Produzido pela Ri7a - a Inteligência Artificial do R7

Um lançador de mísseis balísticos intercontinentais Yars russo desfila na Praça Vermelha durante o desfile militar do Dia da Vitória, no centro de Moscou, em 9 de maio de 2024
Acordo limitava EUA e Rússia a 1.550 ogivas nucleares implantadas Alexander Nemenov/AFP/Getty Images via CNN Newsource - 09.05.2024

A expiração do último tratado nuclear remanescente entre os Estados Unidos e a Rússia, nesta quinta-feira (5), provocou temores sobre uma corrida armamentista nuclear, deixando as duas maiores potências nucleares sem limites para seus arsenais pela primeira vez em décadas.

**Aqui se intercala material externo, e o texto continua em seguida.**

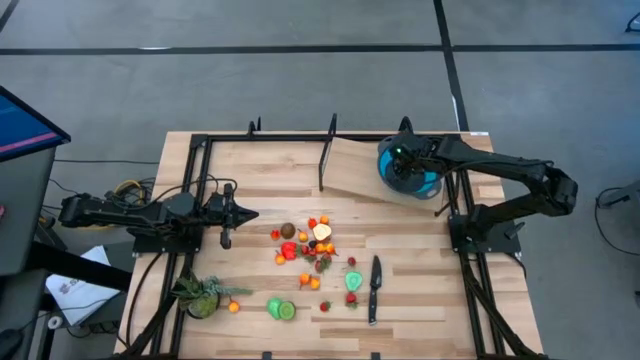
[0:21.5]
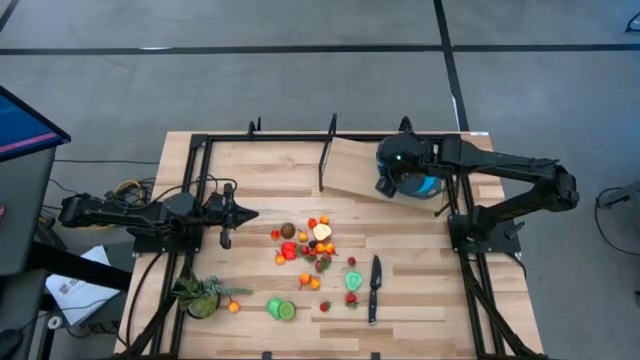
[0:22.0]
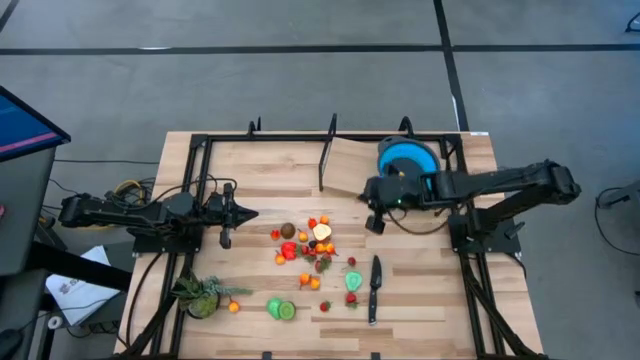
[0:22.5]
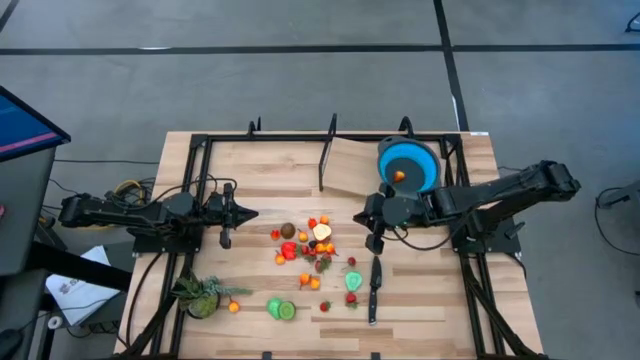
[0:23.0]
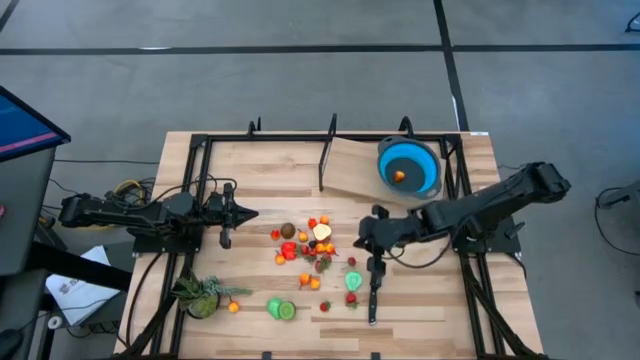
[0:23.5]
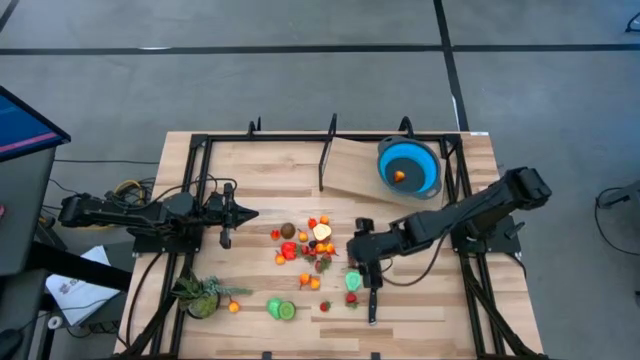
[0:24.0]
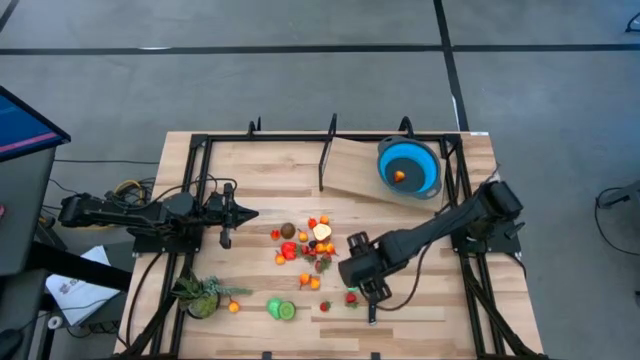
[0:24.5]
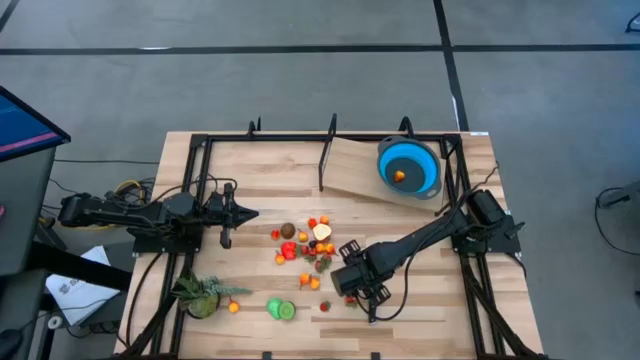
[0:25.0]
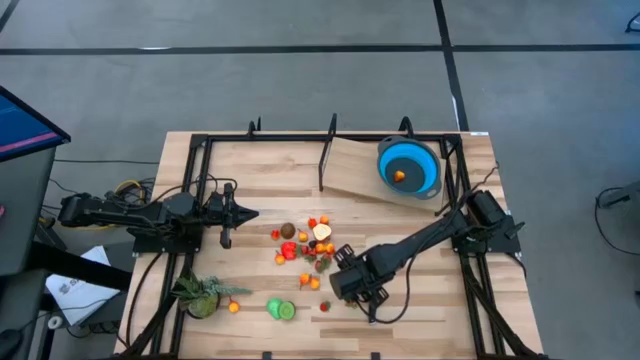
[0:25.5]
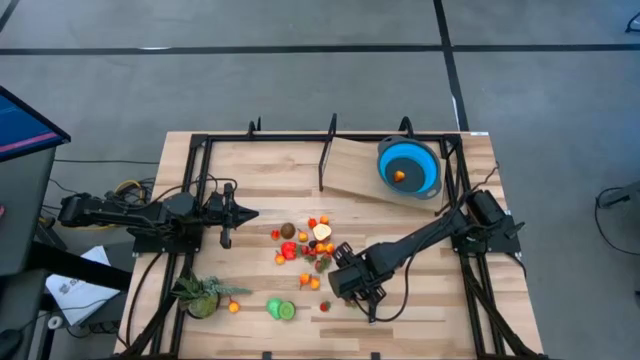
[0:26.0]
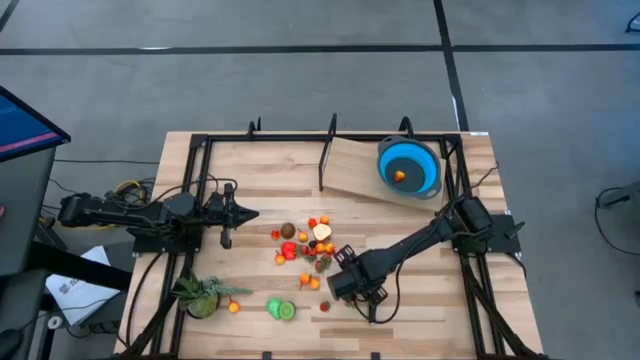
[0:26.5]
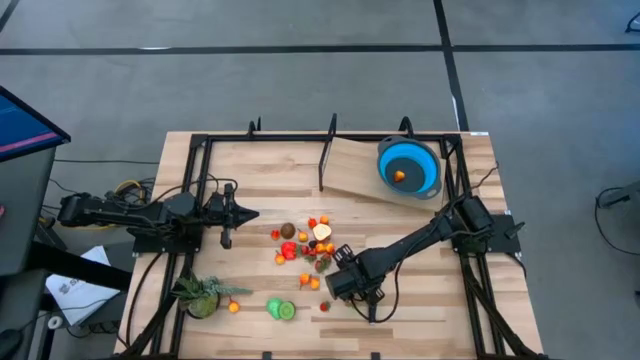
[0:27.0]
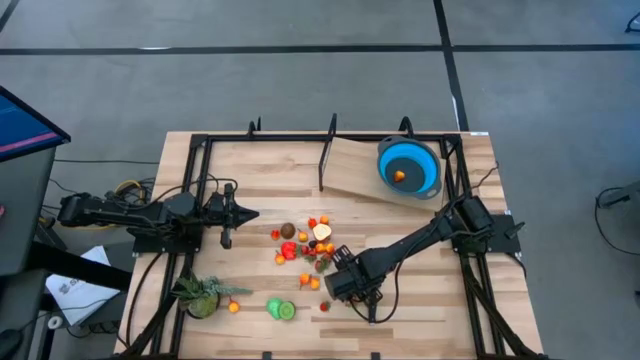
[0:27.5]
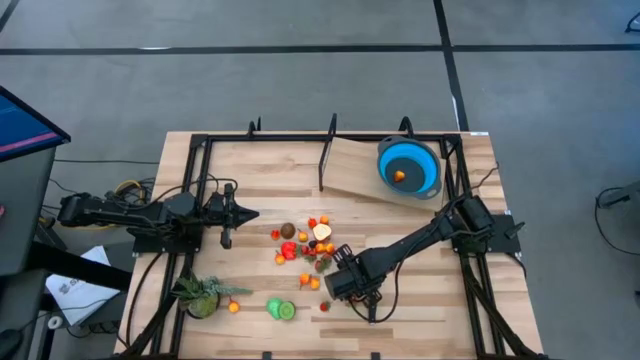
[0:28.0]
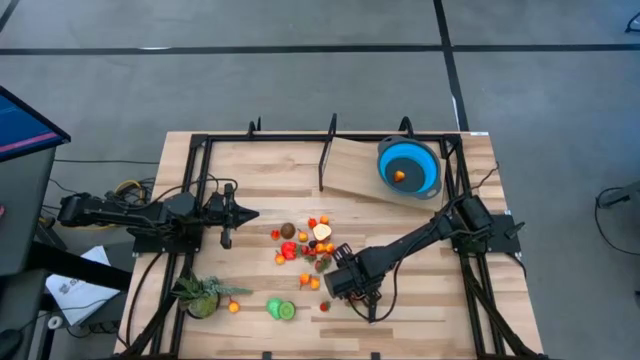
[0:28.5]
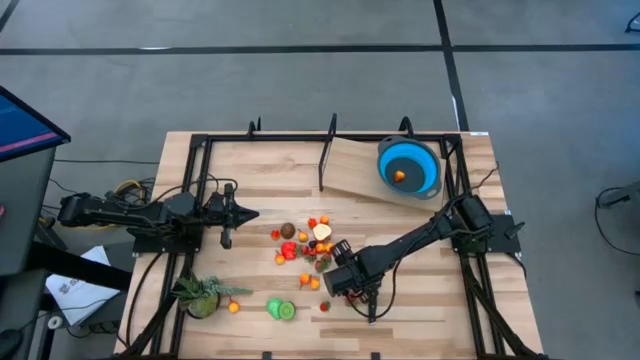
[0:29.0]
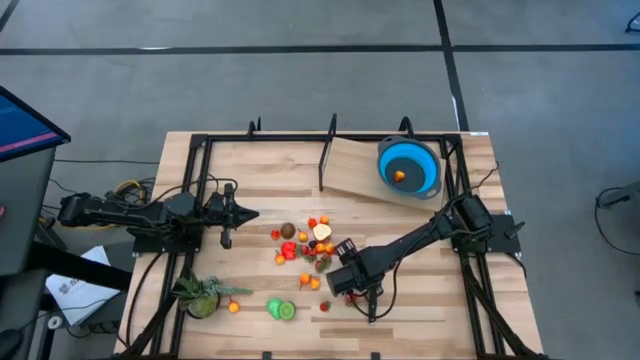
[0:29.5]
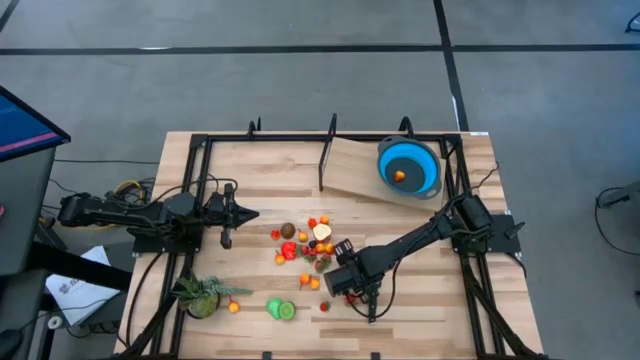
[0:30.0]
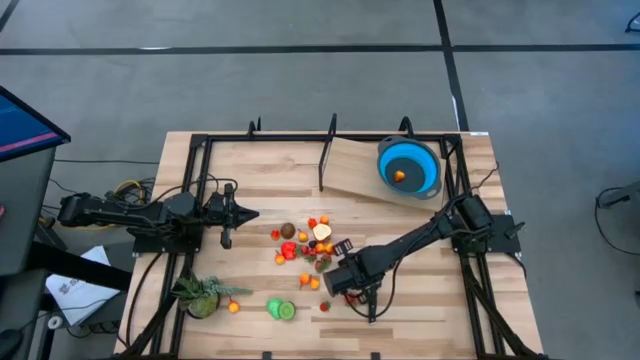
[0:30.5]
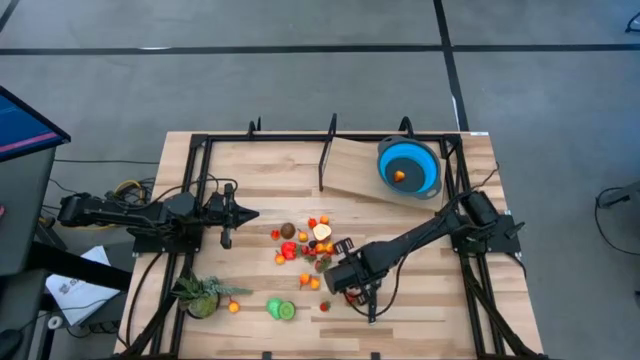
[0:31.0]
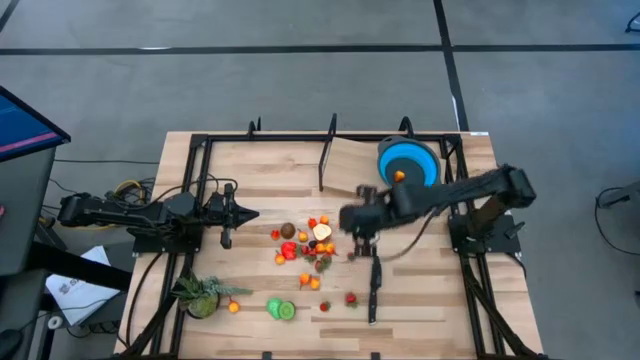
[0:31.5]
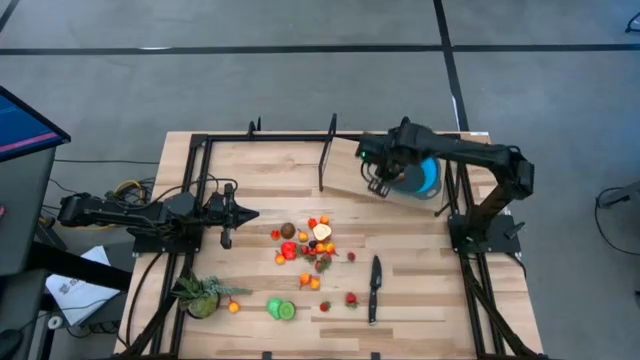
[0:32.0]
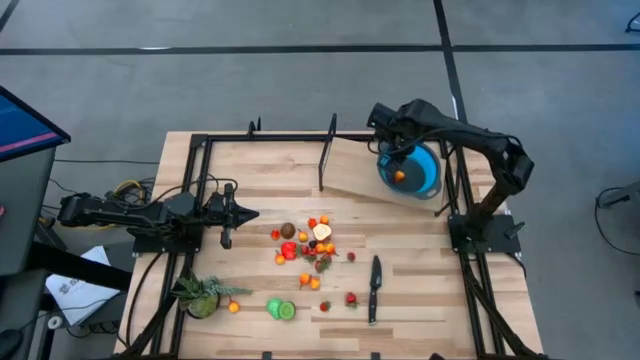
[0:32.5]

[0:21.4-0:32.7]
Task: Pick & Place Fruit
Put the half green pear into the blue colander

“O pior cenário é que isso saia do controle e algum incidente, previsível ou não, desencadeie um conflito que escale rapidamente para um conflito nuclear”, disse Thomas Countryman, ex-subsecretário interino de Estado para controle de armas e segurança internacional.

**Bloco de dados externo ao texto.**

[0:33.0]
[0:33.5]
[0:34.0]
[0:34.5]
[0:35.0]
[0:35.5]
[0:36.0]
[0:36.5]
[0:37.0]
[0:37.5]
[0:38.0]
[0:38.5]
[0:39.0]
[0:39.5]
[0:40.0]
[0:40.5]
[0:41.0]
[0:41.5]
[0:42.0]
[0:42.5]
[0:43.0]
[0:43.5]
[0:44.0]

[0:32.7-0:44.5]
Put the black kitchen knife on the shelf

Embora alguns especialistas argumentem que as limitações do tratado Novo START estavam desatualizadas e restringiam desnecessariamente os EUA — especialmente quando a China busca expandir seu arsenal nuclear.

O tratado histórico entrou em vigor em fevereiro de 2011. Ele limitava ambos os países a 1.550 ogivas nucleares implantadas; 700 mísseis balísticos intercontinentais, mísseis balísticos lançados por submarinos e bombardeiros pesados equipados para transportar armas nucleares; e 800 lançadores “implantados e não implantados”. Ele impunha limites a armas nucleares intercontinentais russas capazes de alcançar os EUA.


Mas críticos do tratado, incluindo o presidente Donald Trump, apontavam que ele não incluía a China, que está expandindo rapidamente seu arsenal nuclear e pode chegar a 1.500 ogivas nucleares até 2035, caso mantenha o ritmo atual, segundo um relatório do Pentágono de 2022.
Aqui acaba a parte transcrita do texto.